The Forbidden City, Beijing
China, Pan-Asian Empire
Sunday June 30th, 1940
The Forbidden City was draped in banners, alternating between the Golden Chrysanthemum on red and the blue Imperial Dragon on gold. Gone were the weeds and grass that had thrived during the Interregnum in the cracks between its flagstones. Now, on the vast square facing the Palace of Supreme Harmony, the two Imperial Guard divisions of China and Japan, both in full dress uniform, stood in strict attention, awaiting the arrival of their new master.
Inside the Palace of Supreme Harmony the intricacies of a Chinese Imperial coronation were taking place; and when finally, after hours of waiting, he appeared, tall and proud in red and golden robes to take his seat on the great throne facing the square, he was no longer Fu Manchu, a mere mandarin among many, but The Son of Heaven, Emperor Fu, founding father of the dynasty of the Younger Qing and already before his coronation known among ordinary people as Fu The Great. Thirty thousand men in arrow-straight lines and ranks saluted him presenting their rifles and huge bronze gongs were struck so that their clangour would inform the expectant masses outside the walls (and the hundreds of millions all over the Empire and overseas that followed the coronation through radio broadcast) that the coronation ceremony was complete.
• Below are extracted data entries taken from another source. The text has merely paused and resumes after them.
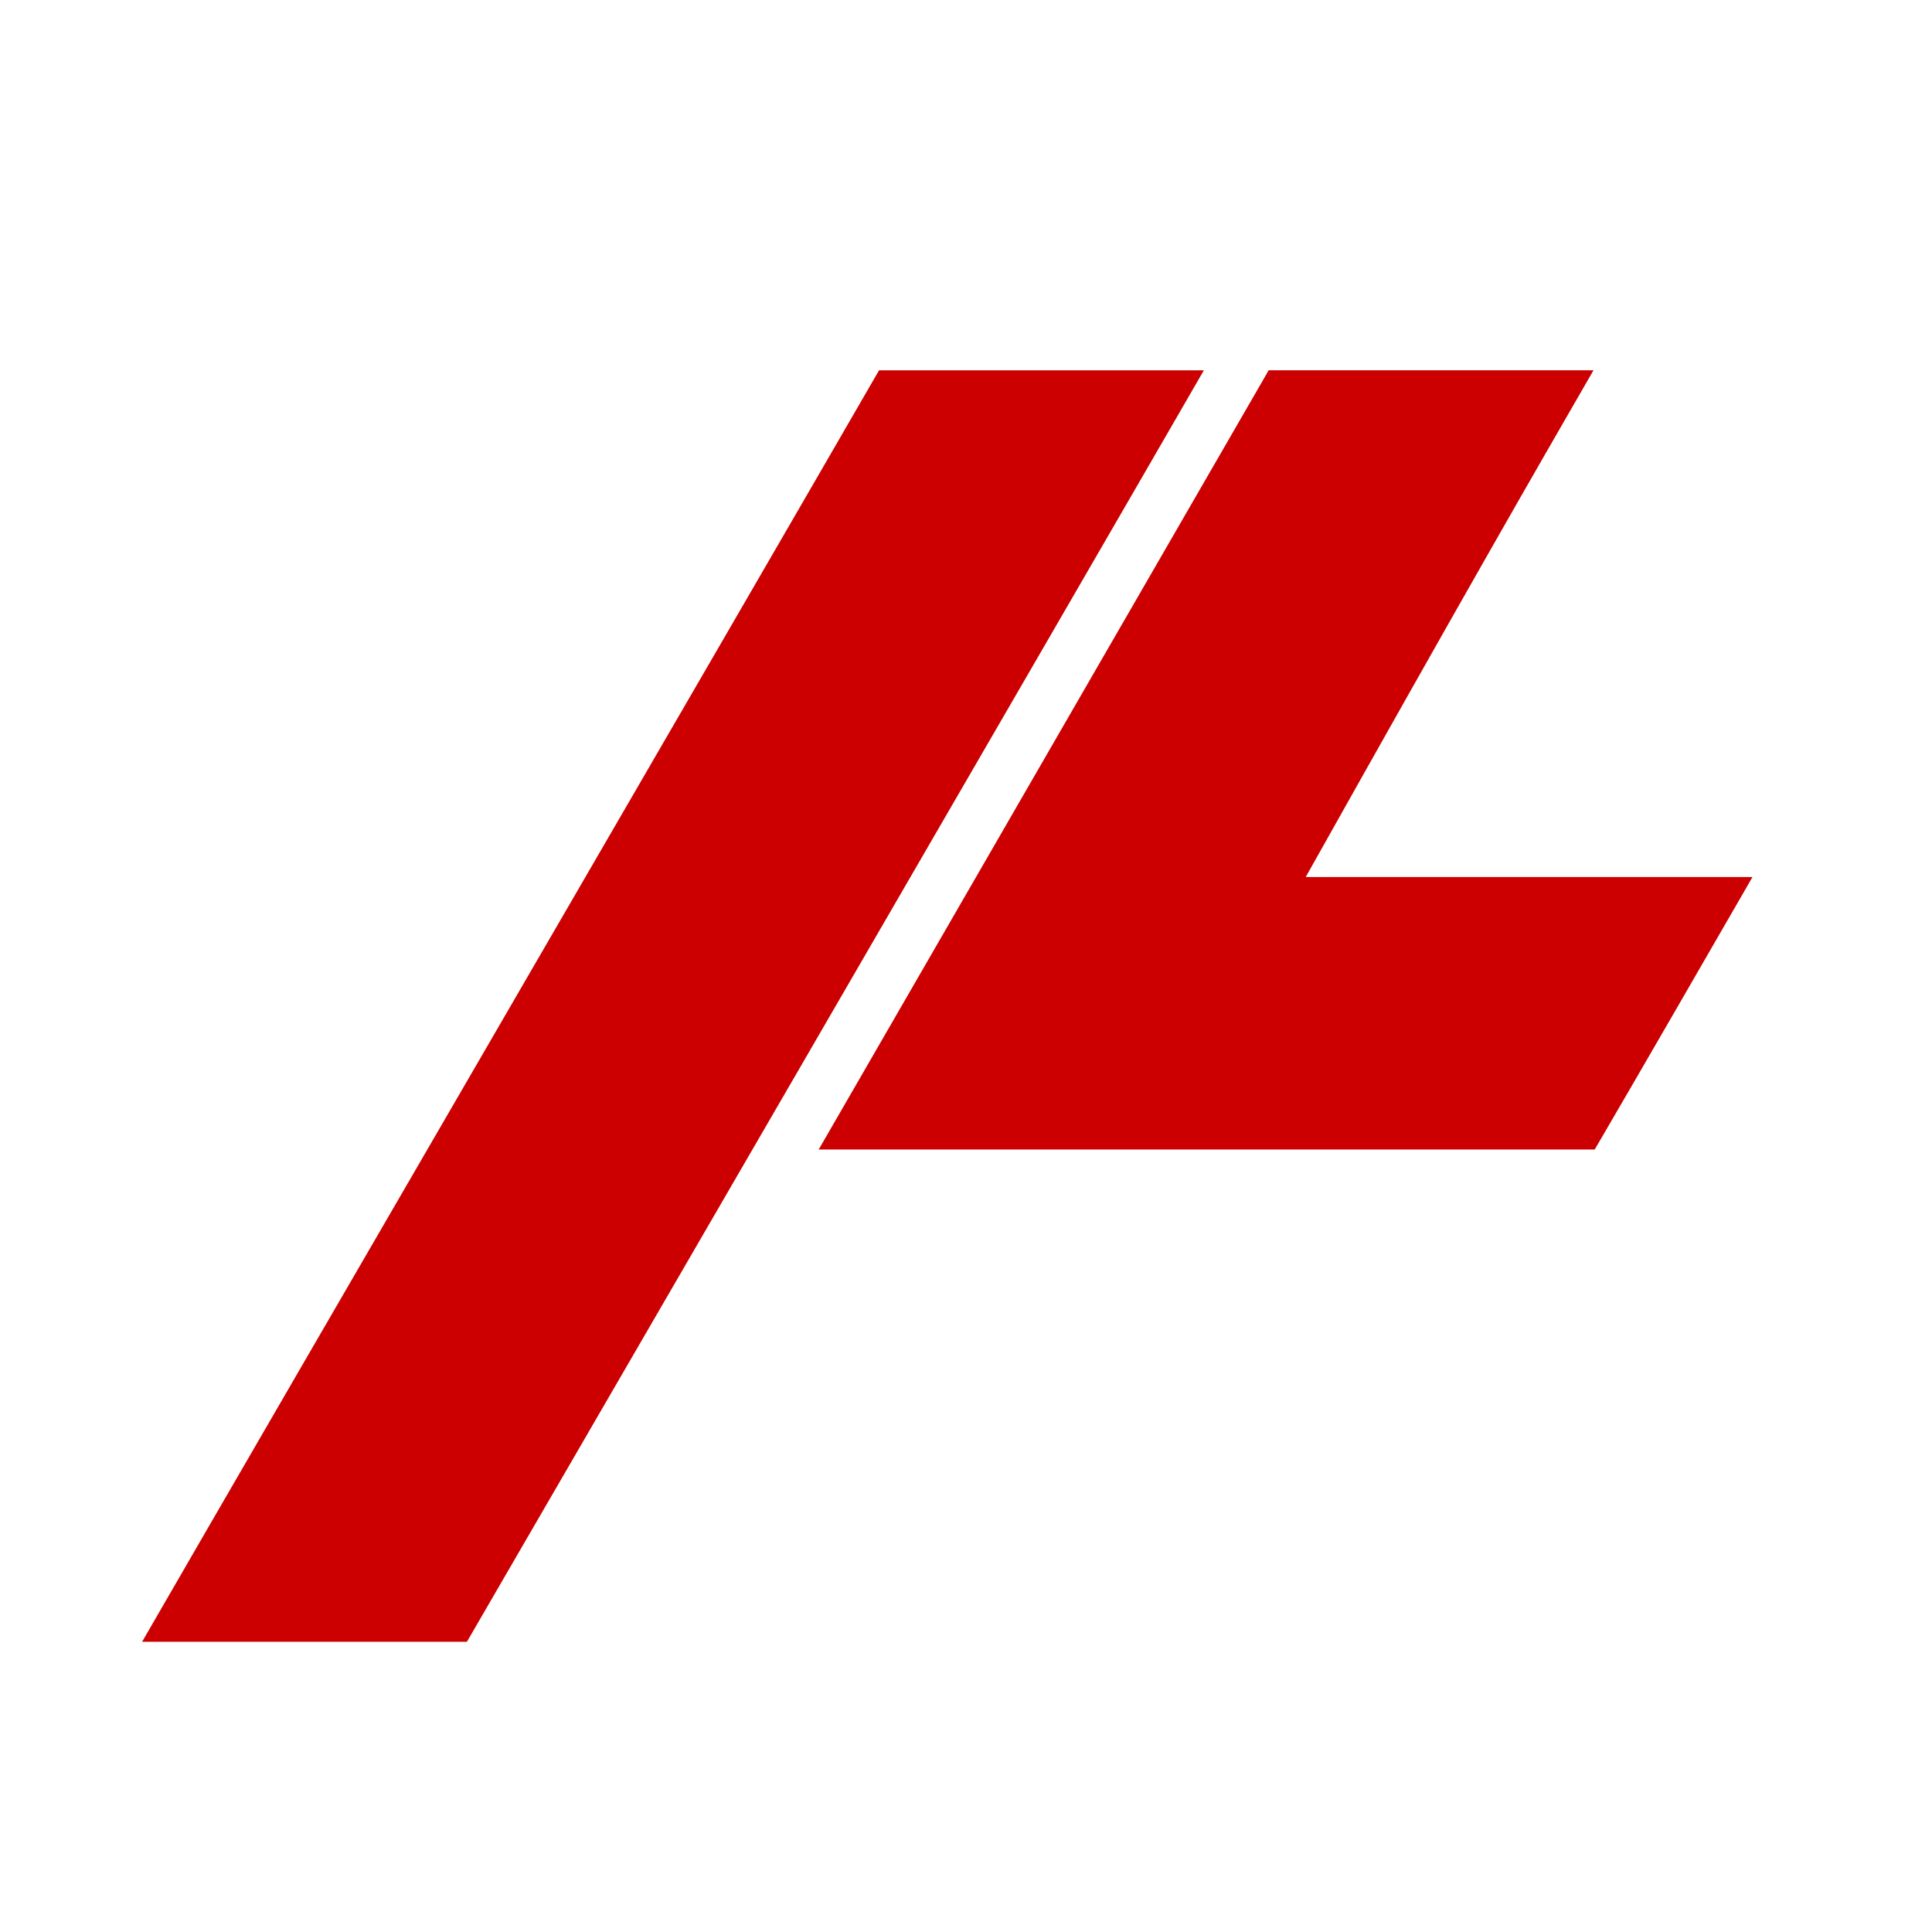 <svg xmlns="http://www.w3.org/2000/svg" version="1.1" xmlns:xlink="http://www.w3.org/1999/xlink" width="48" height="48"><svg version="1.1" id="SvgjsSvg1005" xmlns="http://www.w3.org/2000/svg" xmlns:xlink="http://www.w3.org/1999/xlink" x="0px" y="0px" viewBox="0 0 48 48" style="enable-background:new 0 0 48 48;" xml:space="preserve">
<style type="text/css">
	.st0{fill:#CC0000;}
</style>
<path class="st0" d="M11.6,40.79c-2.59,0-5.48,0-8.07,0c3.7-6.41,14.61-25.18,18.31-31.59c2.59,0,5.48,0,8.07,0
	C27.15,13.99,12.43,39.36,11.6,40.79z M43.54,21.79L43.54,21.79l-11.1,0c3.99-7.11,5.66-10.01,7.15-12.59c0,0-6.05,0-8.07,0
	c-3.7,6.41-7.48,12.95-11.18,19.36c0,0,0,0,0,0c0,0,0,0,0,0c1.77,0,17.84,0,19.22,0h0.06C40.94,26.3,42.24,24.04,43.54,21.79
	C43.54,21.79,43.54,21.79,43.54,21.79C43.54,21.79,43.54,21.79,43.54,21.79z"></path>
</svg><style>@media (prefers-color-scheme: light) { :root { filter: none; } }
@media (prefers-color-scheme: dark) { :root { filter: none; } }
</style></svg>

Instantly, the oppressive silence which had only been broken by the command calls of the officers and the clattering of rifles was shattered by a choir from outside the walls made up by millions of cheering Imperial subjects. The Pan-Asian Empire, and China, had a new Emperor.
San Francisco, California
Imperial Province of America, Pan-Asian Empire
Saturday June 29th, 1940*
*This takes place immediately AFTER the above but on the previous day because of separation by the date line.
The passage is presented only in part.